You may think that you will use this code just once and it will always run on your machine. However, as it turns out for many developers, the same code is later re-run on other machines and in other circumstances which makes it necessary to modify the code, such as update the machine or user name and adjust the file path. On one hand, it’s impossible to foresee all things that could potentially may differ, and, of course, YAGNI. On the other hand, it is a good idea to try to avoid hard-coding anything that could be either obtained from user as an input argument or even better be retrieved on-the-fly by using Python built-in or external modules.

There are dozens of other hardware, operating system, and Python related settings and parameters that can be obtained with the help of Python:

import socket
# Getting machine name
print(socket.gethostname())

import sys
# Getting Windows version
print(sys.getwindowsversion())
# Getting Python version that is currently used and whether it is 32/64bit
print(sys.version)

import os
# Getting current logged in user name and home path; 
# os.environ gives access to the system environment variables
print(os.environ['HOME'])
print(os.environ['PATH'])

You could have retrieved the machine name from user, making it an input argument. However, since you can always obtain this at the execution time, there is really no need to do that unless the function needs to read the file on a different computer.

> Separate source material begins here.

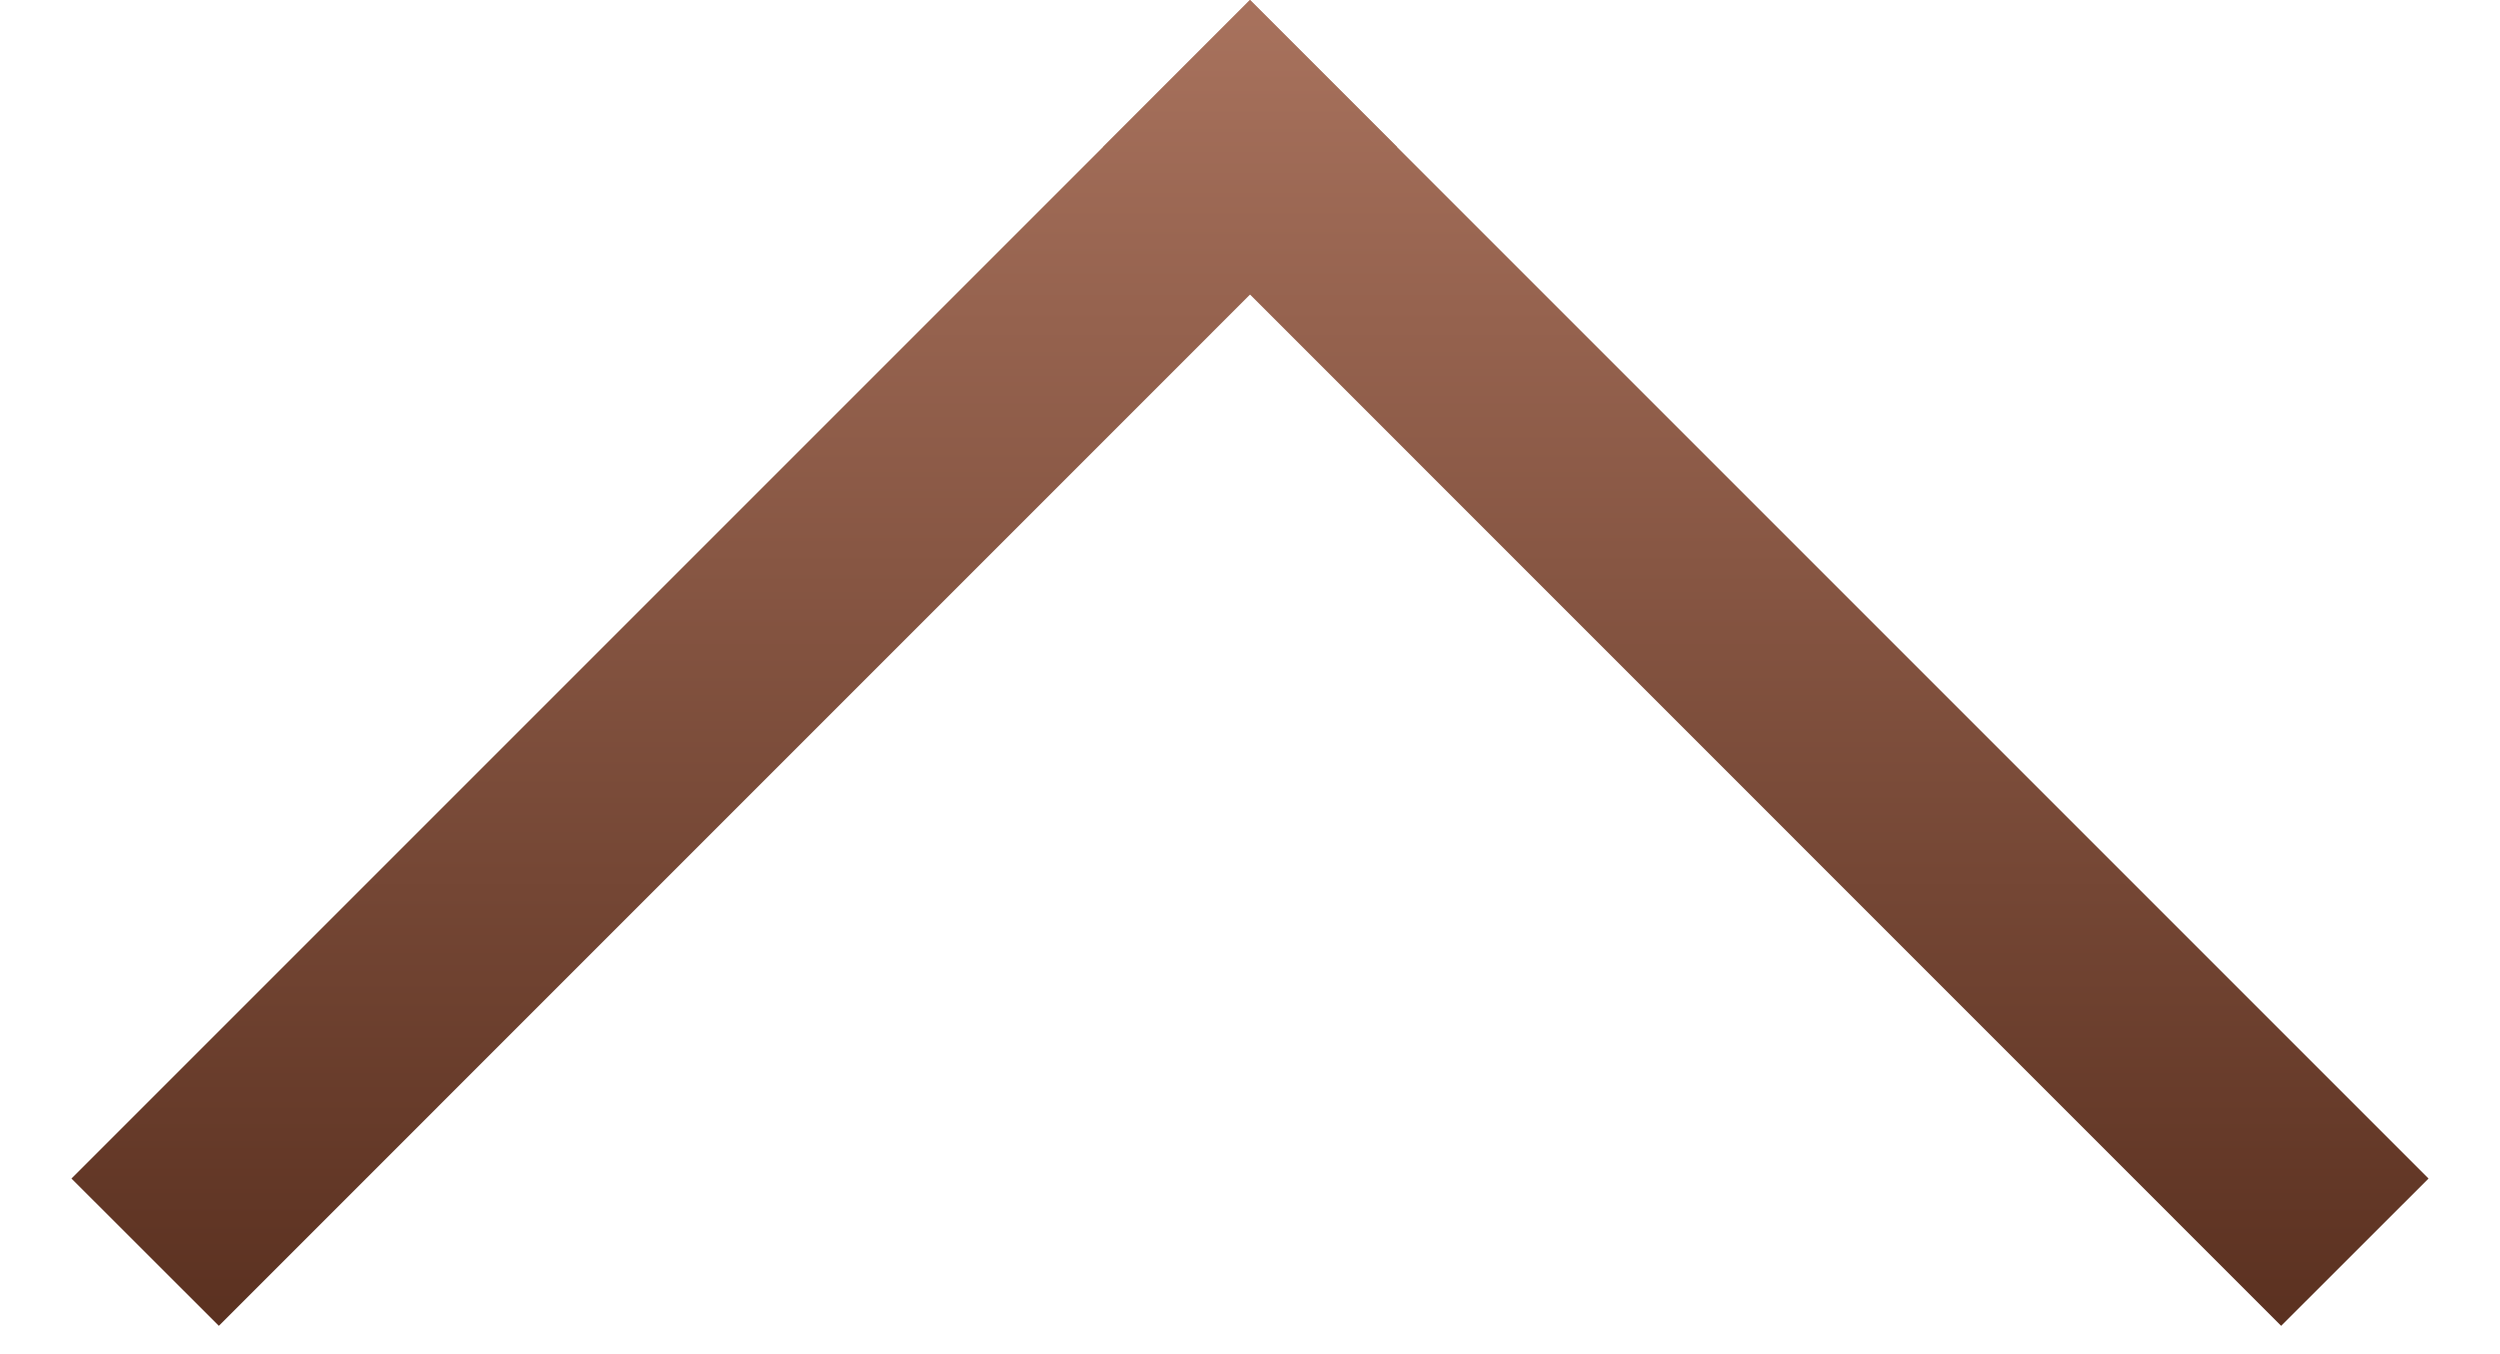 <svg xmlns="http://www.w3.org/2000/svg" width="24" height="13" fill="none"><g filter="url(#a)"><path fill="url(#b)" d="m12 0 1.414 1.414L2.101 12.728.686 11.314z"/><path fill="url(#c)" d="m23.314 11.314-1.415 1.414L10.587 1.414 12 0z"/></g><defs><linearGradient id="b" x1="17.657" x2="17.657" y1="0" y2="16.971" gradientUnits="userSpaceOnUse"><stop stop-color="#A8725D"/><stop offset="1" stop-color="#411B0C"/></linearGradient><linearGradient id="c" x1="17.657" x2="17.657" y1="0" y2="16.971" gradientUnits="userSpaceOnUse"><stop stop-color="#A8725D"/><stop offset="1" stop-color="#411B0C"/></linearGradient><filter id="a" width="22.627" height="12.727" x=".687" y="0" color-interpolation-filters="sRGB" filterUnits="userSpaceOnUse"><feFlood flood-opacity="0" result="BackgroundImageFix"/><feColorMatrix in="SourceAlpha" result="hardAlpha" values="0 0 0 0 0 0 0 0 0 0 0 0 0 0 0 0 0 0 127 0"/><feOffset/><feComposite in2="hardAlpha" operator="out"/><feColorMatrix values="0 0 0 0 0.384 0 0 0 0 0.356 0 0 0 0 0.301 0 0 0 1 0"/><feBlend in2="BackgroundImageFix" result="effect1_dropShadow_538_286"/><feBlend in="SourceGraphic" in2="effect1_dropShadow_538_286" result="shape"/></filter></defs></svg>

Working with function arguments

Input arguments of a function may have a default value. This makes it possible for a user calling a function to define only those arguments that don’t have any default value. For these arguments, users will need to supply values explicitly:

def clean_collection(input_collection, max_value=50, keep_strings=False):
    """Return a collection of values that are less than max_value
    and, optionally, without strings."""
    output_list = []
    for item in input_collection:
        if isinstance(item, str) and keep_strings:
            output_list.append(item)
        elif isinstance(item, int):
            if not max_value or item <= max_value:
                output_list.append(item)
    return output_list

clean_collection([1, 52, 'text2', 73, 10, 9, 'text1', 4, 7], 70, True)
# [1, 52, 'text2', 10, 9, 'text1', 4, 7]

The keep_strings boolean argument has a pre-defined default value which will force function to exclude the strings in the input list. If an item in the input list will be larger than max_value argument specified, it will be excluded.

As your functions are small and don’t have many arguments, specifying them in the same sequence as they were declared is relatively easy. However, some functions may take 10, 20, or more input arguments, such as pandas.read_csv function. This makes it difficult to understand what argument has been provided when calling the function. Therefore, it might be a good idea to supply the argument value together with its name when calling the function. This is particularly true when calling functions with a long list of arguments.

clean_list(input_list=[1, 52, 73, 10, 9, 'text1', 4, 7],
           max_value=70,
           keep_strings=True)

Now, since the function has a default value for the max_value argument, you can omit this one when calling the function. However, it is not allowed to provide the non-keyword argument after the keyword argument:

# correct syntax
clean_list(input_list=[1, 52, 73, 10, 9, 'text1', 4, 7],
           keep_strings=True)  
# incorrect syntax
clean_list(input_list=[1, 52, 73, 10, 9, 'text1', 4, 7],
           50)

Making the second function call results in a syntax error because Python interpreter is confused: for what argument have you supplied the 50 in the last call? To avoid this, always supply both value and the argument name - this is known as passing arguments by name. It is also worth mentioning that you can supply the arguments in an arbitrary order:

clean_list(keep_strings=False,
           input_list=[1, 52, 73, 10, 9, 'text1', 4, 7],
           max_value=40)

clean_list(keep_strings=True, 
           input_list=[1, 52, 73, 10, 9, 'text1', 4, 7])

Function naming

You can think of a function as a means of doing something. Thus, verbs are usually used when naming them. get_current_date is a good name for a function returning a current date; current_date is a poor name as it makes readers think that it is a variable referring to the current date. Even though there are no strict rules on how functions should be named, it might be a good idea to follow the common conventions for using certain verbs in certain contexts (get, set, save, read, write, dump, and so forth).

Importing functions

When you saved your function in another module (Python file on disk), you can import this function by using the same import statement you use for importing standard library modules (which are also Python files stored in the Python installation directory). There are some best practices that are worth following.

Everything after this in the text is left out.